From the Research
Elevated vitamin B12 levels despite low supplementation can be caused by several medical conditions, and it is crucial to investigate these underlying conditions to prevent morbidity, mortality, and impaired quality of life. The most common causes of elevated vitamin B12 levels include liver disease, which can release stored B12 into the bloodstream 1, certain blood disorders like myeloproliferative diseases, polycythemia vera, and chronic myelogenous leukemia, kidney disease, solid tumors, autoimmune conditions, and certain medications like metformin and oral contraceptives.
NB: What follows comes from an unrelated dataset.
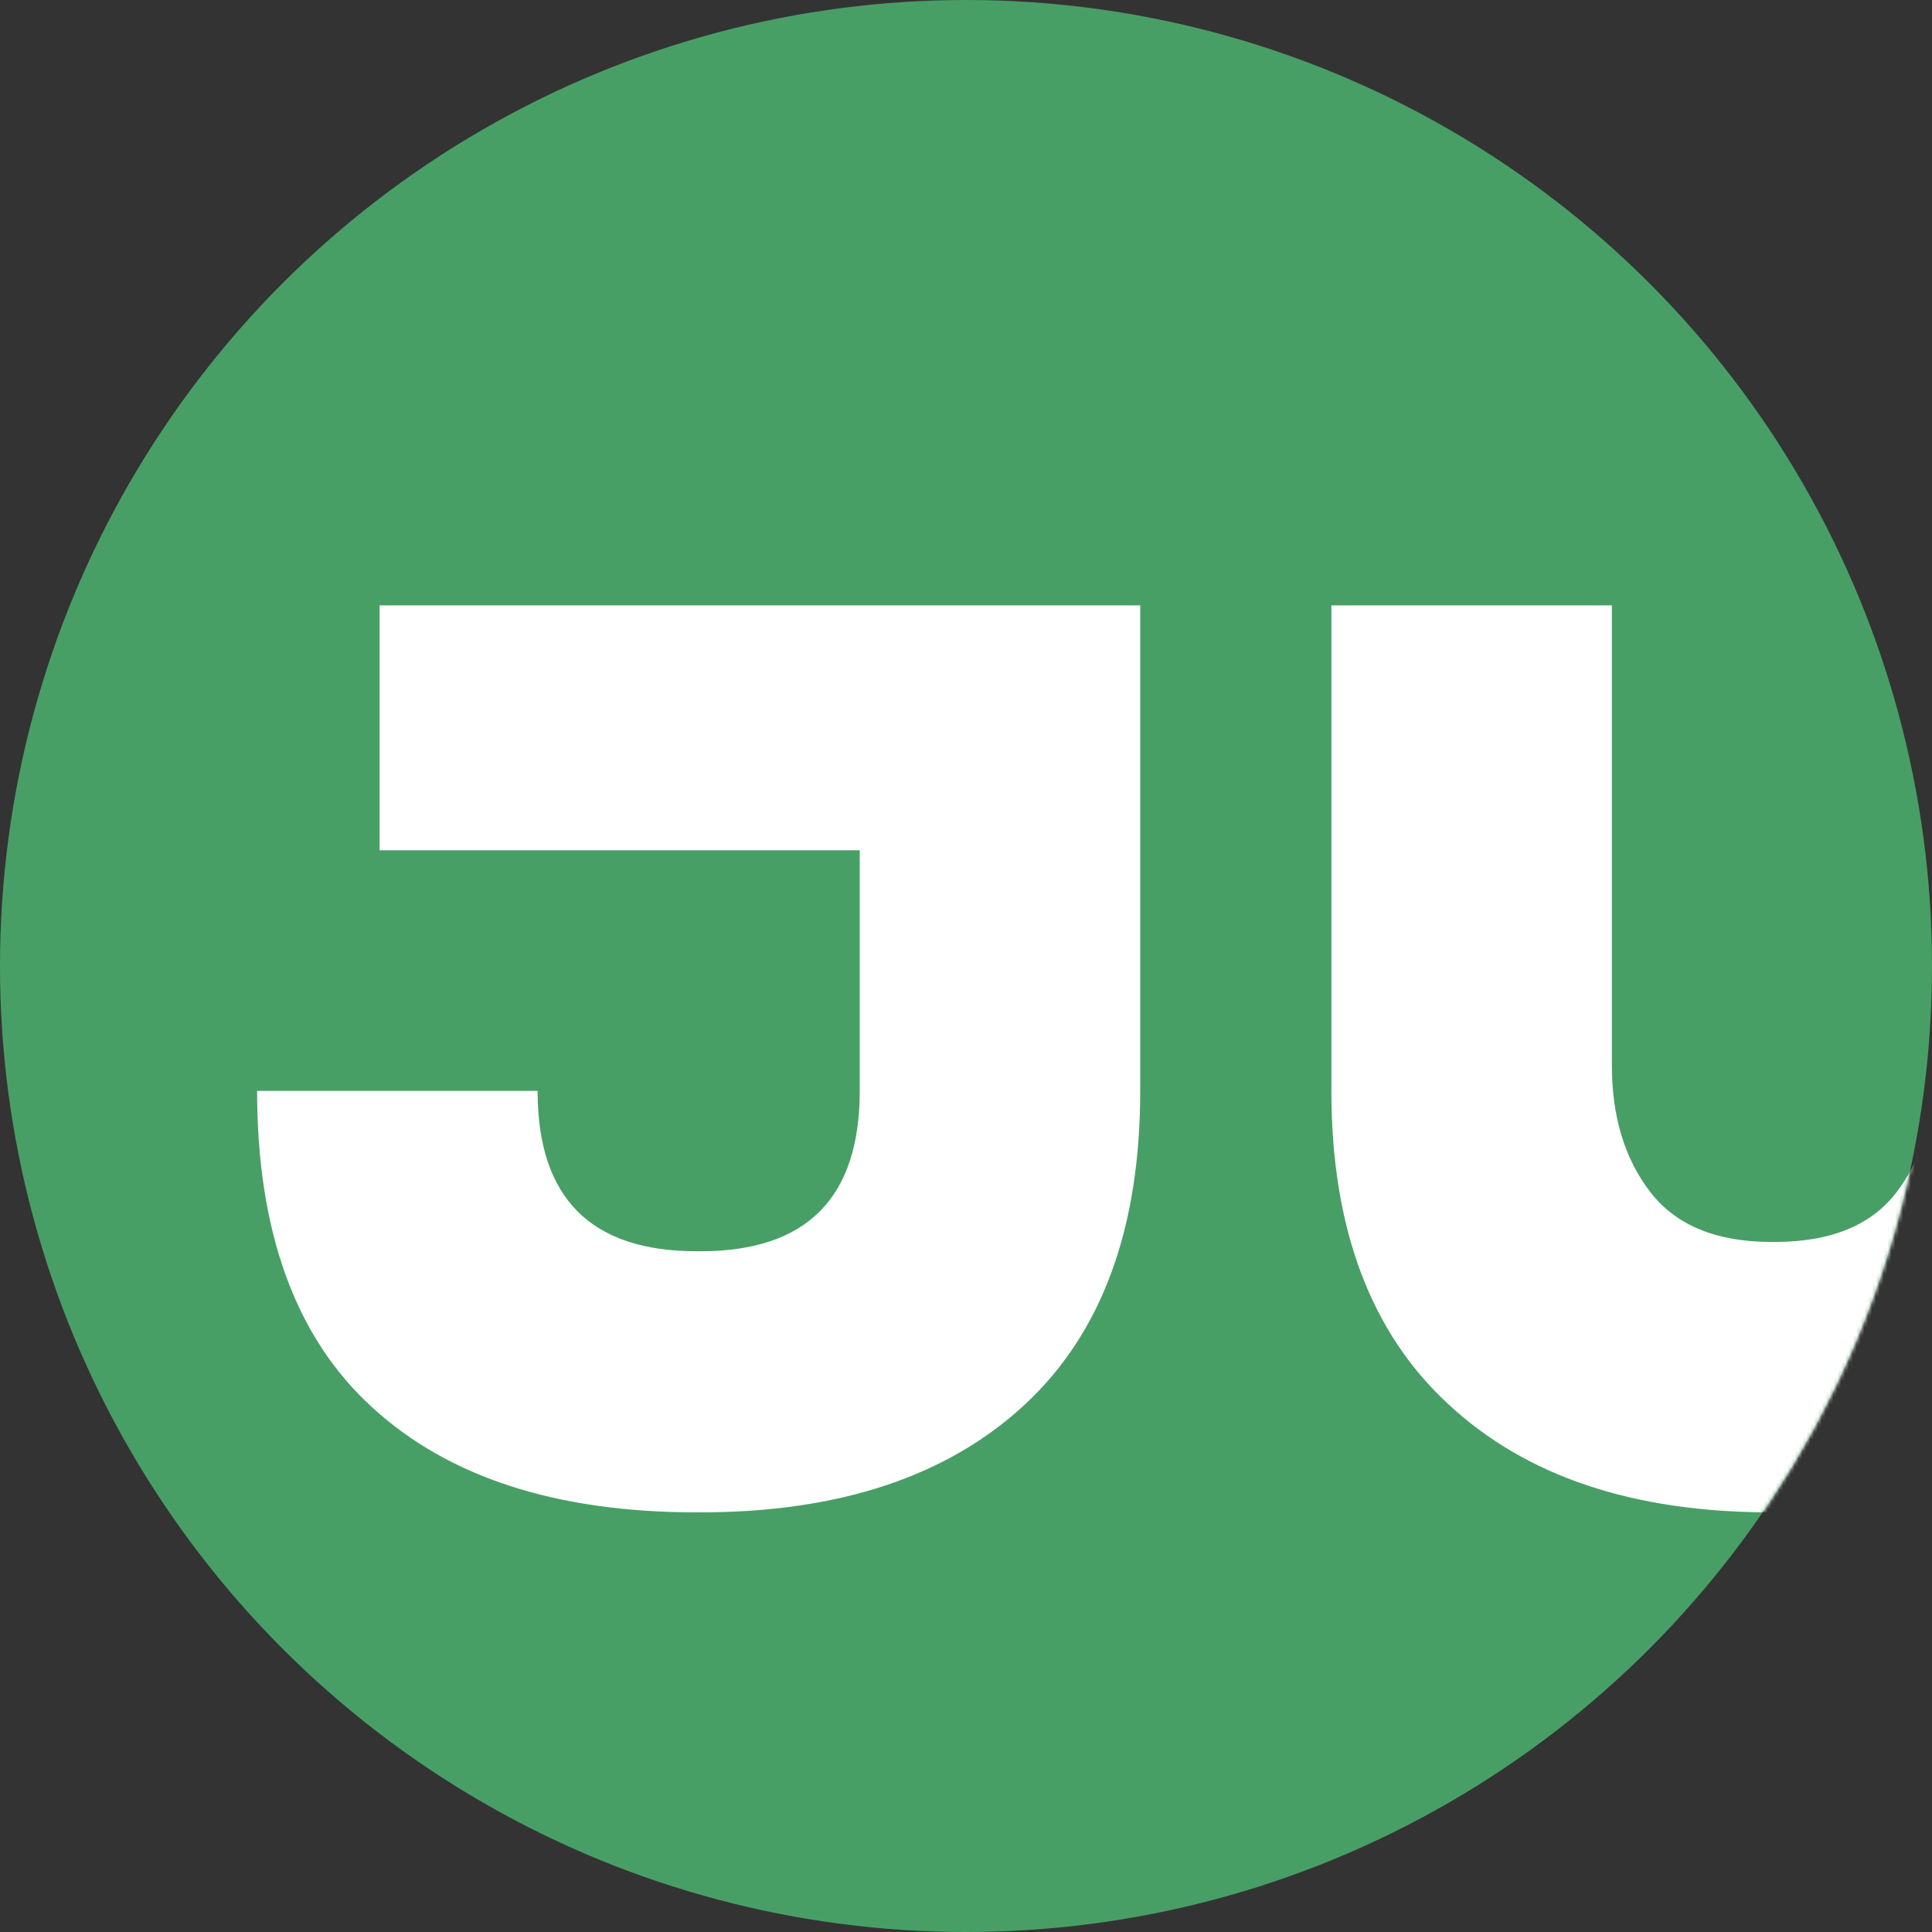 <?xml version="1.0" encoding="UTF-8"?> <svg xmlns="http://www.w3.org/2000/svg" width="500" height="500" viewBox="0 0 500 500" fill="none"><rect x="0" y="0" width="500" height="500" fill="#333333" stroke="none"/> <circle cx="250" cy="250" r="250" fill="#489F66"></circle> <mask id="mask0_53_252" style="mask-type:alpha" maskUnits="userSpaceOnUse" x="0" y="0" width="500" height="500"> <circle cx="250" cy="250" r="250" fill="#489F66"></circle> </mask> <g mask="url(#mask0_53_252)"> <path d="M66.54 282.317H139.128C139.128 309.989 152.808 323.825 180.33 323.825H181.296C208.818 323.825 222.499 309.989 222.499 282.317V220.054H98.247V156.665H295.086V282.317C295.086 318.034 285.108 345.062 265.15 363.564C245.192 382.066 217.187 391.397 181.296 391.397H180.33C144.117 391.397 116.112 382.388 96.315 364.208C76.519 346.189 66.54 318.838 66.54 282.317Z" fill="white"></path> <path d="M344.562 282.317V156.665H417.149V275.721C417.149 289.074 420.529 300.014 427.128 308.541C433.727 317.068 444.189 321.412 458.352 321.412H459.318C473.642 321.412 484.104 317.229 490.703 308.702C497.302 300.175 500.521 289.235 500.521 275.721V156.665H573.108V282.317C573.108 317.551 563.129 344.58 543.011 363.242C522.892 382.066 495.048 391.397 459.318 391.397H458.352C422.622 391.397 394.778 382.066 374.659 363.242C354.541 344.58 344.562 317.551 344.562 282.317Z" fill="white"></path> <path d="M693.723 387.375H622.423V156.665H693.723L783.049 275.077V156.665H854.188V387.375H783.049L693.723 266.068V387.375Z" fill="white"></path> <path d="M913.481 334.444C902.376 316.264 896.904 295.349 896.904 272.02C896.904 248.692 902.376 227.938 913.159 209.758C923.943 191.578 938.911 177.581 958.064 167.606C977.217 157.792 999.106 152.804 1023.57 152.804H1024.54C1058.66 152.804 1087.14 162.136 1110.16 180.959C1133.18 199.783 1146.37 224.881 1150.07 255.932H1074.91C1071.53 245.474 1065.26 236.947 1056.4 230.351C1047.39 223.755 1036.77 220.376 1024.54 220.376H1023.57C1007.96 220.376 995.404 225.203 985.586 234.856C975.768 244.67 970.779 257.058 970.779 272.02C970.779 287.304 975.607 299.693 985.425 309.346C995.243 318.999 1007.96 323.825 1023.57 323.825H1024.54C1036.77 323.825 1047.39 320.447 1056.4 313.851C1065.26 307.254 1071.53 298.727 1074.91 288.27H1150.07C1146.37 319.321 1133.18 344.258 1110.16 363.082C1087.14 381.905 1058.66 391.397 1024.54 391.397H1023.57C999.588 391.397 978.021 386.41 958.869 376.596C939.716 366.782 924.587 352.624 913.481 334.444Z" fill="white"></path> <path d="M1259.91 220.376H1182.97V156.665H1409.1V220.376H1332.33V387.375H1259.91V220.376Z" fill="white"></path> <path d="M1488.36 387.375H1415.77V319.16H1488.36V387.375Z" fill="white"></path> </g> </svg>

Some key points to consider:
- Liver disease can disrupt B12 distribution, leading to elevated plasma B12 levels 1
- Blood disorders can increase B12 levels by affecting the cells that carry this vitamin
- Kidney disease may elevate B12 due to decreased clearance
- Solid tumors, particularly hepatocellular carcinoma and secondary liver tumors, can release stored B12
- Autoimmune conditions may create antibodies that interfere with B12 testing, causing falsely high readings
- Certain medications can also affect B12 levels, including metformin and oral contraceptives It is essential to consult a healthcare provider for proper evaluation if you have unexpectedly high B12 levels, especially if you're experiencing unexplained symptoms like fatigue, weight loss, or abdominal pain 2. The diagnosis of B12 deficiency or elevation rests on clinical suspicion followed by laboratory testing, which consists of a panel of tests, including total serum vitamin B12, holotranscobalamin, and methylmalonic acid 3. Therefore, it is recommended to investigate the underlying causes of elevated vitamin B12 levels, and consult a healthcare provider for proper evaluation and management to prevent morbidity, mortality, and impaired quality of life.